WHAT IS BEING ASKED> The pictures are to be dropped, and the records below are to be restated word for word.

--- SUPPLIED RECORDS ---

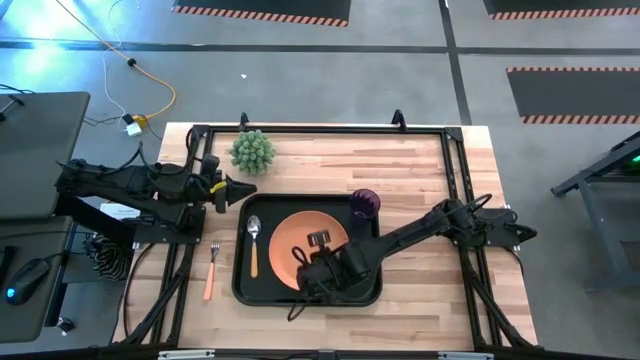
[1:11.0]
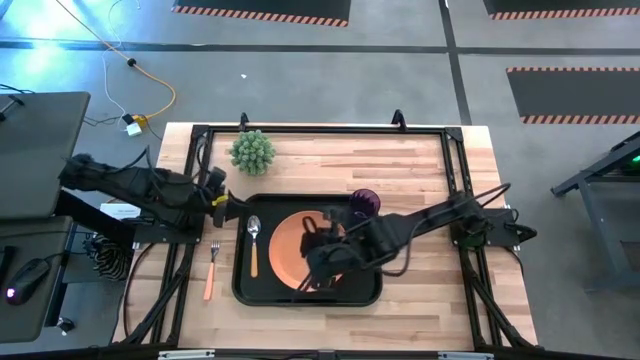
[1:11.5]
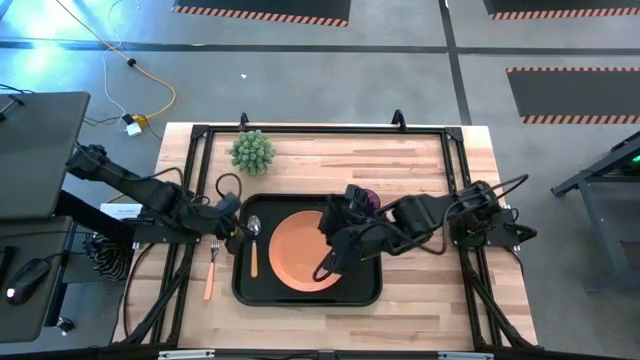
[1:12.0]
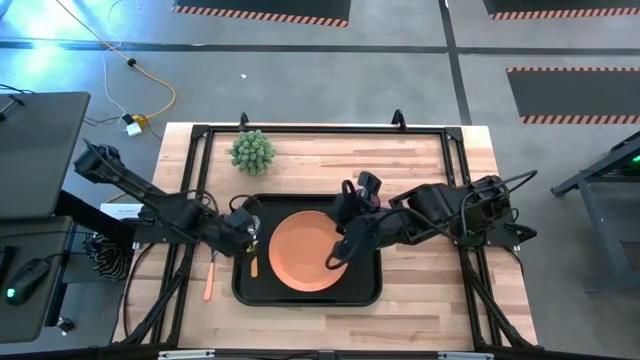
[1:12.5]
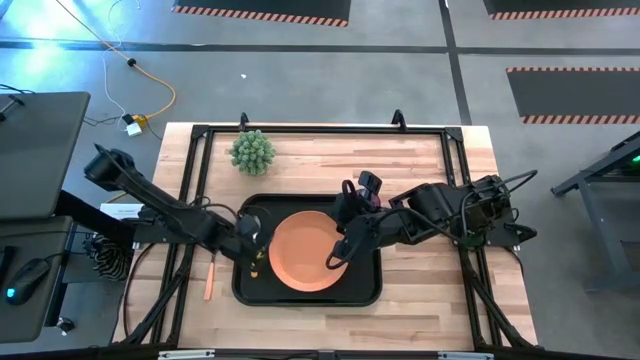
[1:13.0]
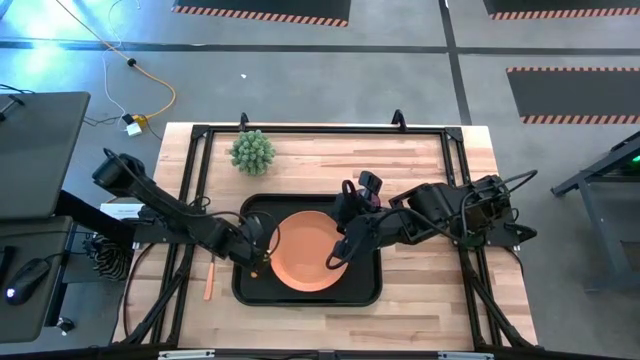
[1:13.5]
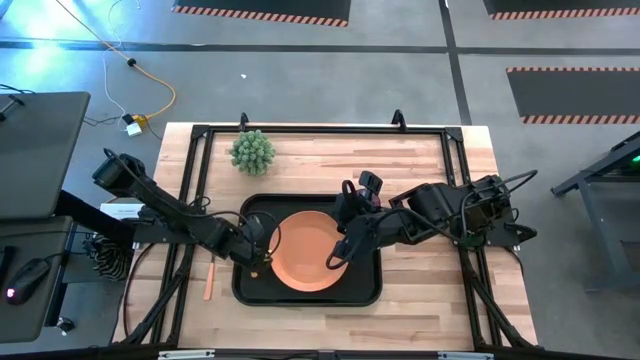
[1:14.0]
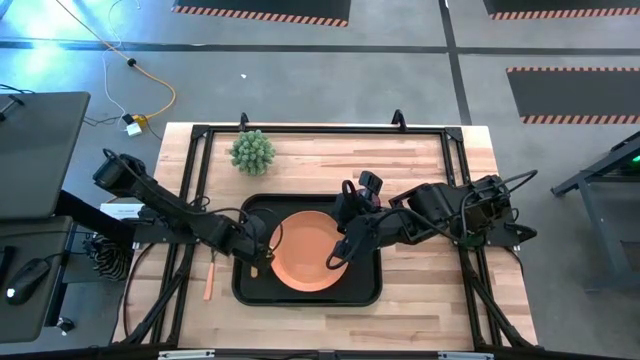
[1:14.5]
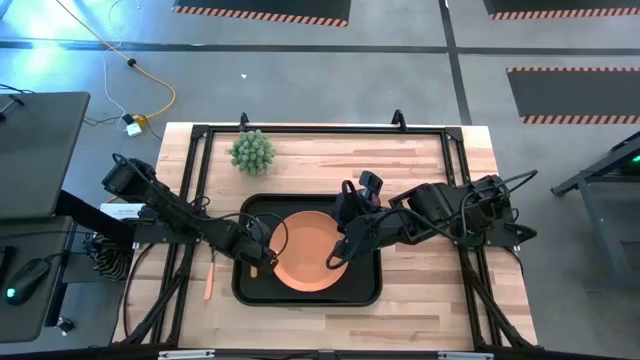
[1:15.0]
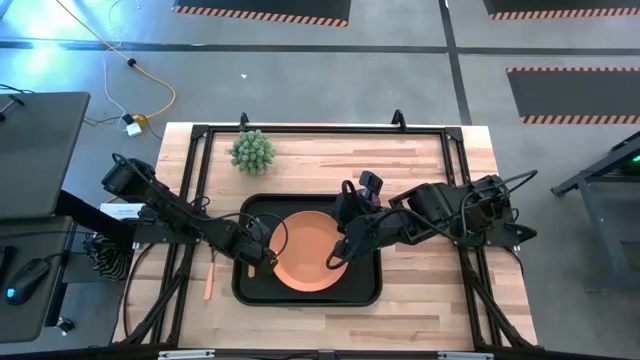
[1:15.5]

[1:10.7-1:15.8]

---

RESULT>
[1:11.0]
[1:11.5]
[1:12.0]
[1:12.5]
[1:13.0]
[1:13.5]
[1:14.0]
[1:14.5]
[1:15.0]
[1:15.5]

[1:10.7-1:15.8]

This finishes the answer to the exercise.